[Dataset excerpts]

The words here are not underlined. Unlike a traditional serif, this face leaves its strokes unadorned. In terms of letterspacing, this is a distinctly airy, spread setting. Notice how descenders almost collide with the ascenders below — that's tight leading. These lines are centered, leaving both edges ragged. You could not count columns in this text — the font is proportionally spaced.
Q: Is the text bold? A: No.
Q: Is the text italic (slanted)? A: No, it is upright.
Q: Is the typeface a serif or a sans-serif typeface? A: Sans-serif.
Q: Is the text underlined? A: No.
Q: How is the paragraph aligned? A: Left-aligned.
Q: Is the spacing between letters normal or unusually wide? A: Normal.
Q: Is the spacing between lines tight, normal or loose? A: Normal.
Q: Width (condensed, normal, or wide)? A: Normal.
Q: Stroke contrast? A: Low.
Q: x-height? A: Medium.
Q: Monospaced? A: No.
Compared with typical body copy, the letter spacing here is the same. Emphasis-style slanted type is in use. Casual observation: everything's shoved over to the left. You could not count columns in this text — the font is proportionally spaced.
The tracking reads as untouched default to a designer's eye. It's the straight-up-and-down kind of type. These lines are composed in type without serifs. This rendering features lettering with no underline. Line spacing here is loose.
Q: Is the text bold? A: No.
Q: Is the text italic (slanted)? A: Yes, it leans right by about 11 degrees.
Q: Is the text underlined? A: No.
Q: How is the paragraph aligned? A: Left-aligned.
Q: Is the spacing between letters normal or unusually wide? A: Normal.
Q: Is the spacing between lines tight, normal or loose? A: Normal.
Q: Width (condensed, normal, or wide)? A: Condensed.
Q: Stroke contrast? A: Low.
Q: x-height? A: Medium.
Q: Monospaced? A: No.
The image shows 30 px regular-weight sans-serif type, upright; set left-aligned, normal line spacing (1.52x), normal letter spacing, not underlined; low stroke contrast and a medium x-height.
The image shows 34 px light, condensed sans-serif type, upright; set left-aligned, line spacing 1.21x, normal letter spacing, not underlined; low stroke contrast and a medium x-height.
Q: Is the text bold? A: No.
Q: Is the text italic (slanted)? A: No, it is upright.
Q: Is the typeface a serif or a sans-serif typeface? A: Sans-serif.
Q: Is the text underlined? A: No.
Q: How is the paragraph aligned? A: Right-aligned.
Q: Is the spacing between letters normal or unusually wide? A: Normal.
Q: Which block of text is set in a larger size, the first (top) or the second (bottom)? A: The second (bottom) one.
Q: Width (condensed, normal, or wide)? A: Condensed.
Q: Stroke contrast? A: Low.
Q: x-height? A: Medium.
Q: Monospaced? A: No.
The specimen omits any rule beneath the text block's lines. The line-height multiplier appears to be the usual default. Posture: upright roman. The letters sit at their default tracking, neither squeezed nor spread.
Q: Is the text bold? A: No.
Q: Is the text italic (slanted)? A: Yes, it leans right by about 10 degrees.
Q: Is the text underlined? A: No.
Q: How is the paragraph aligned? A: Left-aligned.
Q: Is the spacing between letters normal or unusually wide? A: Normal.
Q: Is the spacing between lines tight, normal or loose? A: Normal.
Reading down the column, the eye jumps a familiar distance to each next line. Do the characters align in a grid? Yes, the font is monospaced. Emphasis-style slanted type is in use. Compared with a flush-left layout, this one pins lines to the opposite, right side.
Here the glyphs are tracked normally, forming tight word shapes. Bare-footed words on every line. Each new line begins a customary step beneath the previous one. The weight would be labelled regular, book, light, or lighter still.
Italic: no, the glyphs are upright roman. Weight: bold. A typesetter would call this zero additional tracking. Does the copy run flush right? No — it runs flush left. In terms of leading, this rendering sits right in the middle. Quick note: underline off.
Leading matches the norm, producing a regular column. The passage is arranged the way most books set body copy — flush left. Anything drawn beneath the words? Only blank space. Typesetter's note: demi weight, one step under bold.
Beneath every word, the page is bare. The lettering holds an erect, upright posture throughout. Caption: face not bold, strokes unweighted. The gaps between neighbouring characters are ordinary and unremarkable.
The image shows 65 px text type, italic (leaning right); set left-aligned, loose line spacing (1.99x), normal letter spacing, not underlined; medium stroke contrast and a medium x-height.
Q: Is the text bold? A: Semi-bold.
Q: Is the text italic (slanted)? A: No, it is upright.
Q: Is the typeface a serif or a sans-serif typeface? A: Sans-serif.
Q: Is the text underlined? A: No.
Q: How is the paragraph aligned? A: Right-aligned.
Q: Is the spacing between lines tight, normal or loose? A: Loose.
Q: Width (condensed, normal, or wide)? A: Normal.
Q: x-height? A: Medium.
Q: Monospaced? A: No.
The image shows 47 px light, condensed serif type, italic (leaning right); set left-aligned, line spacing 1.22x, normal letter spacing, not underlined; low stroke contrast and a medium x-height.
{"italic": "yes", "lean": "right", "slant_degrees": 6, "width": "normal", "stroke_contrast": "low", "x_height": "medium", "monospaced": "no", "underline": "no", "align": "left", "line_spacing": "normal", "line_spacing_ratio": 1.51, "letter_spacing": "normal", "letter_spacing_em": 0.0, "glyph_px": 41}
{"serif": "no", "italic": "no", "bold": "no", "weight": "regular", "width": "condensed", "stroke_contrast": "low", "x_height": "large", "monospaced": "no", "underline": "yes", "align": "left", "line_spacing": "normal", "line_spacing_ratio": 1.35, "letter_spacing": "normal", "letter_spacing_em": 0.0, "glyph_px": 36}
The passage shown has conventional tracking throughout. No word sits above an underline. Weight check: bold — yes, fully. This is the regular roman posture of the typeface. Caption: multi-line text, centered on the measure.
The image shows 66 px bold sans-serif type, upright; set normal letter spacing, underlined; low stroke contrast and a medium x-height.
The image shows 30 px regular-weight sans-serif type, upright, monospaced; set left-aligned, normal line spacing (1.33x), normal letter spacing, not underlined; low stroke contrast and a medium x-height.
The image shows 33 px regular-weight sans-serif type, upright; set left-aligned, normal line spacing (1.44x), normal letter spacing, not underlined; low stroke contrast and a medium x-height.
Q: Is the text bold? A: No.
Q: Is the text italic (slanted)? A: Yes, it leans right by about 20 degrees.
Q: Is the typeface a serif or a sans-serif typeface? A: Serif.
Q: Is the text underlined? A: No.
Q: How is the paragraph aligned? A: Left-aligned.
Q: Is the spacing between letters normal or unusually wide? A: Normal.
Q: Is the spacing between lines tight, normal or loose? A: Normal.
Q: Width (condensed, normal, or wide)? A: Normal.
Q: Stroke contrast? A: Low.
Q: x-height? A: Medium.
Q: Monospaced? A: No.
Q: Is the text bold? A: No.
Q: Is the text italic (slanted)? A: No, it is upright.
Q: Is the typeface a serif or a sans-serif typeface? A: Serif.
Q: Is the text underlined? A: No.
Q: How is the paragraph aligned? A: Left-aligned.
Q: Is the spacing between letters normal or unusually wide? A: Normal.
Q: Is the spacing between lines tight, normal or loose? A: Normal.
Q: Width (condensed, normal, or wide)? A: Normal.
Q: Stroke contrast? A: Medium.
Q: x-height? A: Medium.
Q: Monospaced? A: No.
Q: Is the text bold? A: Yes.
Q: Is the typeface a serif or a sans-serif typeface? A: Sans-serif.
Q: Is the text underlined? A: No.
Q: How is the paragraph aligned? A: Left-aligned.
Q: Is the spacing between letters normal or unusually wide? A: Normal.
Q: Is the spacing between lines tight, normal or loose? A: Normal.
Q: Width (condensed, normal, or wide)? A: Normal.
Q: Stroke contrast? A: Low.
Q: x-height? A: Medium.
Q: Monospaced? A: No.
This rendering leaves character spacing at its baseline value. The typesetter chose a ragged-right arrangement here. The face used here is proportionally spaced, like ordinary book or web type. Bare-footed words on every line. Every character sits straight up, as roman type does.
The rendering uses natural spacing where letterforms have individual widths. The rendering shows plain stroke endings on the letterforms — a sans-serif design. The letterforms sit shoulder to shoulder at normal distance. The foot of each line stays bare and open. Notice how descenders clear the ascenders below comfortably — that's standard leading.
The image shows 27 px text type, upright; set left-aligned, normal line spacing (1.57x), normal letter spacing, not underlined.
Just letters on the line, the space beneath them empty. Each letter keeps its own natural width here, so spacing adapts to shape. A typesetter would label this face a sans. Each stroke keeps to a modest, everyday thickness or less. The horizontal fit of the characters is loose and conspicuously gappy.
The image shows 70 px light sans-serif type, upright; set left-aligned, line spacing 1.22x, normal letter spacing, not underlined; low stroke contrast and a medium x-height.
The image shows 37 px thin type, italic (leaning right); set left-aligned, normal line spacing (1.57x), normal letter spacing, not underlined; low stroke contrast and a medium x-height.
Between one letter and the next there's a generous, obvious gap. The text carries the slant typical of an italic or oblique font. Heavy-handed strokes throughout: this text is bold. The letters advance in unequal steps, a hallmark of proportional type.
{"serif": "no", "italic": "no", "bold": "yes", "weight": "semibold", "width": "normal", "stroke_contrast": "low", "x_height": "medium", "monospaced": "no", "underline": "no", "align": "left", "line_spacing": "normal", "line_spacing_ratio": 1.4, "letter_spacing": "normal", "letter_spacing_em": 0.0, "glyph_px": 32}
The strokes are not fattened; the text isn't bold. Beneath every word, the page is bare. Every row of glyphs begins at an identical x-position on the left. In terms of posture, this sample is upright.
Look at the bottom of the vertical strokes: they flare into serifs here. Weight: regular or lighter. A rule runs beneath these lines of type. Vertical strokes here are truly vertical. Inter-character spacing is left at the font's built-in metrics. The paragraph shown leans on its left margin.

▶ Exercise brief:
Whenever a line of the data holds the string "page", pick that line out.

▶ Answer for this exercise:
Beneath every word, the page is bare. The lettering holds an erect, upright posture throughout. Caption: face not bold, strokes unweighted. The gaps between neighbouring characters are ordinary and unremarkable.
The strokes are not fattened; the text isn't bold. Beneath every word, the page is bare. Every row of glyphs begins at an identical x-position on the left. In terms of posture, this sample is upright.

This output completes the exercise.